* PROBLEM TO WORK ON
Across the material below, how many lines hold the word "part"? Only the number should be given.

========

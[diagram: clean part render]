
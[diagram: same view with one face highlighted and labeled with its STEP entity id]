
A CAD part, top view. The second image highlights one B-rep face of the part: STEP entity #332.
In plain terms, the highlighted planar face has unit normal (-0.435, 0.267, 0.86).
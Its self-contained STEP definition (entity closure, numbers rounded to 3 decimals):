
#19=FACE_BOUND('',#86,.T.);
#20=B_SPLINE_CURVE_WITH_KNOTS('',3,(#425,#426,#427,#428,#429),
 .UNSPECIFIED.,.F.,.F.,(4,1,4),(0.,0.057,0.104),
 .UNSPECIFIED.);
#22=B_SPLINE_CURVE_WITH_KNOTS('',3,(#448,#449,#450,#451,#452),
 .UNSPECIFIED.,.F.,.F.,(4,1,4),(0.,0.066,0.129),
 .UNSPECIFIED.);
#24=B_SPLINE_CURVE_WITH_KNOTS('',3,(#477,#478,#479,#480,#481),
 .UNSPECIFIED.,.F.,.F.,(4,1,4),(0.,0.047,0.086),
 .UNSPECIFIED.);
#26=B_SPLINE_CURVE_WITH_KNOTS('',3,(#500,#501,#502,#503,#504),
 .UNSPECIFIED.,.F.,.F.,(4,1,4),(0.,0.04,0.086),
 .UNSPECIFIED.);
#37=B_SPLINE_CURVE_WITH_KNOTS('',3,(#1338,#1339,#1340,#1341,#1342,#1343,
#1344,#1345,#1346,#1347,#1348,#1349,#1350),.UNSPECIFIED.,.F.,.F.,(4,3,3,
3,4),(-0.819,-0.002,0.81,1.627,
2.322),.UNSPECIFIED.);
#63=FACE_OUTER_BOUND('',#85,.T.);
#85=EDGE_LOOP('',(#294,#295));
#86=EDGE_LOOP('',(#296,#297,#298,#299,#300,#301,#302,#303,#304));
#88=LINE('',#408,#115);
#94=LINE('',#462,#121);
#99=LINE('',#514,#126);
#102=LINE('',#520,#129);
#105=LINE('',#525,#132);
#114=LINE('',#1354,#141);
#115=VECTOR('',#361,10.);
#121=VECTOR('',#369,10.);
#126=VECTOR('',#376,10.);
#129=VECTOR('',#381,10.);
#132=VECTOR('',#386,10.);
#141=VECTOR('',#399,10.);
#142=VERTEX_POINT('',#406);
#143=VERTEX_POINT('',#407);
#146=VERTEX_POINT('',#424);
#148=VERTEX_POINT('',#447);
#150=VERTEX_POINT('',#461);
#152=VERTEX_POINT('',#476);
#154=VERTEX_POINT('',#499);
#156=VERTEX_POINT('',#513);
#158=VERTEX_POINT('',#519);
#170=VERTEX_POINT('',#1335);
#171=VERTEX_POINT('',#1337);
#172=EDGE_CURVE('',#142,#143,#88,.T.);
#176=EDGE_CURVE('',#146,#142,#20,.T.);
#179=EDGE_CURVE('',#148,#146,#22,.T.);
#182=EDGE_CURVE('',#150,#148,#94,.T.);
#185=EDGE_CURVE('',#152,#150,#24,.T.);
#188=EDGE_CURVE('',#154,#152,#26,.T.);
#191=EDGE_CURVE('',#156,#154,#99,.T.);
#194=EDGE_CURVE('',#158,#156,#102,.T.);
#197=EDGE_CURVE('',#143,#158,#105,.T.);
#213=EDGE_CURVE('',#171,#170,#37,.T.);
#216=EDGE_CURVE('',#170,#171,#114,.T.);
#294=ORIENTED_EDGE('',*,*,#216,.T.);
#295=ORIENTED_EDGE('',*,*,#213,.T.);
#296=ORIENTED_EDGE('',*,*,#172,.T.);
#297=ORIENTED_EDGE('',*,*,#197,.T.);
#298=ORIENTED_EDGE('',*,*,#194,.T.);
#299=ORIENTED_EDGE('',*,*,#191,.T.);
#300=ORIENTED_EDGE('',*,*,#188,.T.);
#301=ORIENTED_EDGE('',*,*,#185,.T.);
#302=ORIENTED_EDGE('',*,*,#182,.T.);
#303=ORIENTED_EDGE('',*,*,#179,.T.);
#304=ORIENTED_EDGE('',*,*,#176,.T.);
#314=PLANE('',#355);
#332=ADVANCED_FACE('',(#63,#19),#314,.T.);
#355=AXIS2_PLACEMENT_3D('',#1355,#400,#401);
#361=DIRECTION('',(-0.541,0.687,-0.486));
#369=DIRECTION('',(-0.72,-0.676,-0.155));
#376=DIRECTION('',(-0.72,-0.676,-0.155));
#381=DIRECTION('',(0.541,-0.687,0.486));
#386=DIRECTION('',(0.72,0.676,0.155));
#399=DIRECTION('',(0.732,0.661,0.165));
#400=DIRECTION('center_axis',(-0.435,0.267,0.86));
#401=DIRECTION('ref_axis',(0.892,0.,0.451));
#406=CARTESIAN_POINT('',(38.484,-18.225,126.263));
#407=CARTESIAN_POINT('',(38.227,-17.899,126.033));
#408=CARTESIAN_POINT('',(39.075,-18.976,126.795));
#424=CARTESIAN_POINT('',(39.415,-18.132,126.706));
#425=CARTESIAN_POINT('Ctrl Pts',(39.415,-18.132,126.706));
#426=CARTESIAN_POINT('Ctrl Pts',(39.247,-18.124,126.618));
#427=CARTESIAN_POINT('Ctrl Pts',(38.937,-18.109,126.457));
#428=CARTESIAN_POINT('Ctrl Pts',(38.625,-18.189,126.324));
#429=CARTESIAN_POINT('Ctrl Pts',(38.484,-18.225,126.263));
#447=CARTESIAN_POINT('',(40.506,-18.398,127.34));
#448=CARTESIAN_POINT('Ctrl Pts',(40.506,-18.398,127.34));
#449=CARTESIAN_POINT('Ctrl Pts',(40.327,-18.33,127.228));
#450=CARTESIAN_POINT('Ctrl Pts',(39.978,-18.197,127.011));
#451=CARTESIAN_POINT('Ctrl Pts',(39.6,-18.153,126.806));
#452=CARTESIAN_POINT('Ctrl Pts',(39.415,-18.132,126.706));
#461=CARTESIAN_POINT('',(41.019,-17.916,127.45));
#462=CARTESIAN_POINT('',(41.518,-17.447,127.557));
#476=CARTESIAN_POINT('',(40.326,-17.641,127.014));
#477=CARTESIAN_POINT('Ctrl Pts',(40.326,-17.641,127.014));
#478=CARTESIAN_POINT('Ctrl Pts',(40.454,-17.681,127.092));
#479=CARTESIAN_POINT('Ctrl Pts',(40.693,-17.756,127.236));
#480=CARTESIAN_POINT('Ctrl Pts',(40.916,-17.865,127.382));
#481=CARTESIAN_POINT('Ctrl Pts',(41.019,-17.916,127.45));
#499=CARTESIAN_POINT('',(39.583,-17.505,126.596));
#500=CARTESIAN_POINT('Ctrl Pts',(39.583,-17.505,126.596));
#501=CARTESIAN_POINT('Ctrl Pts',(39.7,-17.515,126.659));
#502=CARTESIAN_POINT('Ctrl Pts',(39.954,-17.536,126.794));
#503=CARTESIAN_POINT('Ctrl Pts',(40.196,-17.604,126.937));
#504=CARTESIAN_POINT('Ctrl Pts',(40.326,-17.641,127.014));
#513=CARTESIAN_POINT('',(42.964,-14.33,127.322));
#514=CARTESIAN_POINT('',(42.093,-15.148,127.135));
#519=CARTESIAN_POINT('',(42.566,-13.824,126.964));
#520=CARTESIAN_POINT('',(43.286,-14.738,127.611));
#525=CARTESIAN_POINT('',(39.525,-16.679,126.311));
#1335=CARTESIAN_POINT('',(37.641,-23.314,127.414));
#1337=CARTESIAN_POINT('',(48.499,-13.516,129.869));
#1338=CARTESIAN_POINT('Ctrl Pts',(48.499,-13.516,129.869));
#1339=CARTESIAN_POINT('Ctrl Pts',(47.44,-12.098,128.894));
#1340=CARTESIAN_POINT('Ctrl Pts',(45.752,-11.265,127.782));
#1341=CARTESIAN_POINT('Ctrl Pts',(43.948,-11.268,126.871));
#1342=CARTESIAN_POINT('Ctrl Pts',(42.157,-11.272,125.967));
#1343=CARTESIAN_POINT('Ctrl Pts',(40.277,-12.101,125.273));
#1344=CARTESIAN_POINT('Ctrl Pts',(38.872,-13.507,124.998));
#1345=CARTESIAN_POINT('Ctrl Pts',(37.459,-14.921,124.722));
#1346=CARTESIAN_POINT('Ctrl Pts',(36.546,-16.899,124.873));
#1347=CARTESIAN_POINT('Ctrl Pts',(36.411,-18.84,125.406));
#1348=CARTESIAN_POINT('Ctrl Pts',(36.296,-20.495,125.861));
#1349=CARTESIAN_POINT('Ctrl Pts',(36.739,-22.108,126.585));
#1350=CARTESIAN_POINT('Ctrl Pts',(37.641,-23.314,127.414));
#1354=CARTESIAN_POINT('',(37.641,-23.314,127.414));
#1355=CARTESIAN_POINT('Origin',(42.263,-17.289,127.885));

========

* WRITTEN ANSWER
2